FIG. 4A and FIG. 4B illustrate a flow chart of an example method 400 for encoding the input data 210 prior to synthesizing one or more DNA molecules 220. In some examples, the method 400 may be performed by the computing device 150 and components of the DNA storage subsystem 102 shown in FIG. 1, as a part of the DNA storage system 200 shown in FIG. 2, or the like. In this example, the various operations are performed by encoding system 105 or the synthesis system 110 of FIG. 2, executing on the computing device 150 and associated components of the DNA storage system 100 of FIG. 1, and using the encoding table 300 of FIGS. 3A-3D.

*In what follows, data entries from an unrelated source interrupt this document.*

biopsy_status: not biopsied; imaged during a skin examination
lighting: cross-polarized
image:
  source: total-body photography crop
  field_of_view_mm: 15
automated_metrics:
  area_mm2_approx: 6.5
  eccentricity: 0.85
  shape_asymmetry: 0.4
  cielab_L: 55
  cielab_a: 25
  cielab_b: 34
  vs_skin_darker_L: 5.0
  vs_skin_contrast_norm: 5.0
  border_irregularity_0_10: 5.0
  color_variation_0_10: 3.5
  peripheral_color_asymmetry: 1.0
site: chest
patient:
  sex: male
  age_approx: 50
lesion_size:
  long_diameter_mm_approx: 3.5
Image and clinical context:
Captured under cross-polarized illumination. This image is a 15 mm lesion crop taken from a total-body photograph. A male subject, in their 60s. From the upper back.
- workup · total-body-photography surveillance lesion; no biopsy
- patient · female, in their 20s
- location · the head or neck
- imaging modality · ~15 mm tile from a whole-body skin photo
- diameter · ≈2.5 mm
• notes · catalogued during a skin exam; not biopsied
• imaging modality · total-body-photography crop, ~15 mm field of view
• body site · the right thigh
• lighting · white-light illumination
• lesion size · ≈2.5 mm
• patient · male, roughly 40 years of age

Referring now to FIG. 4A, in the example, at operation 410, the encoding system 105 divides the input data 210 into an ordered sequence of k-BIT “input tuples” 212 (e.g., chunks or segments of k bits each). In this example, the input data 210 is represented as a sequential string of ordered bits, and operation 410 segments the input data 210 into 6-bit input tuples 212. For example, the first 6 bits of the input data 210 is assigned to the first input tuple 212, the next 6 bits of the input data 210 is assigned to the second input tuple 212, and so on until all bits of the input data 210 have been processed into input tuples 212. For example, if the input data 210 is 3 megabytes (MB) in size (e.g., 3,145,728 bytes, or 25,165,824 bits), then the input tuples 212 would include (25,165,824/6)=4,194,304 6-bit input tuples.

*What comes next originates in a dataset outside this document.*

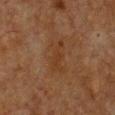follow-up — total-body-photography surveillance lesion; no biopsy | subject — female, aged around 55 | automated metrics — an automated nevus-likeness rating near 0 out of 100 | diameter — ≈4 mm | site — the chest | illumination — cross-polarized | imaging modality — ~15 mm crop, total-body skin-cancer survey.
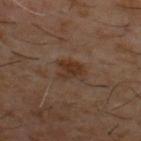notes — catalogued during a skin exam; not biopsied | subject — male, roughly 60 years of age | site — the back | image — ~15 mm crop, total-body skin-cancer survey.

At operation 412, the encoding system 105 identifies the encoding table 300. In some examples, the encoding table 300 may be pre-existing (e.g., previously created, stored, and retrieved from a DNA storage database 402). For example, a storage administrator may identify one or more exclusion criteria and may manually create the encoding table 300 by assigning each of the 64 possible input segments (e.g., 2k unique segments, where k=6) to one of the particular rows 320 of the table 300 while avoiding encoded segments 314 that manifest one or more of the exclusion criteria.

In some examples, the encoding system 105 may dynamically (e.g., automatically) create the encoding table 300 (e.g., based on input parameters, one or more exclusion criteria, or such). For example, at operation 414, the encoding system 105 automatically creates the encoding table 300. These examples are referred to herein as “dynamic table creation.”

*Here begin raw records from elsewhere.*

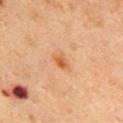This lesion was catalogued during total-body skin photography and was not selected for biopsy.
The lesion is located on the front of the torso.
The patient is a male about 75 years old.
The tile uses cross-polarized illumination.
A 15 mm close-up tile from a total-body photography series done for melanoma screening.
The recorded lesion diameter is about 2.5 mm.
An algorithmic analysis of the crop reported a footprint of about 3.5 mm², a shape eccentricity near 0.75, and a shape-asymmetry score of about 0.35 (0 = symmetric). It also reported about 7 CIELAB-L* units darker than the surrounding skin and a normalized lesion–skin contrast near 6.5. The analysis additionally found an automated nevus-likeness rating near 65 out of 100 and a detector confidence of about 100 out of 100 that the crop contains a lesion.

FIG. 4B illustrates sub-operations associated with the automatic creation of the encoding table 300 of operation 414. Referring now to FIG. 4B, when creating the encoding table 300, the encoding system 105 identifies pre-encoding parameters at operation 440. In this example, the parameters include the variables k and n, which are used to define the size of the input domain and the size of the encoded domain, respectively. In some examples, some or all of the parameters may be retrieved from the DNA storage database 402. At operation 442, the encoding system 105 creates the encoding table 300. More specifically, the encoding table 300 is initially created with 2n rows, with each row being assigned a unique index 310 and populated with a unique n-bit base-2 encoded segment 312 and associated n/2 DNA base encoded segment 314.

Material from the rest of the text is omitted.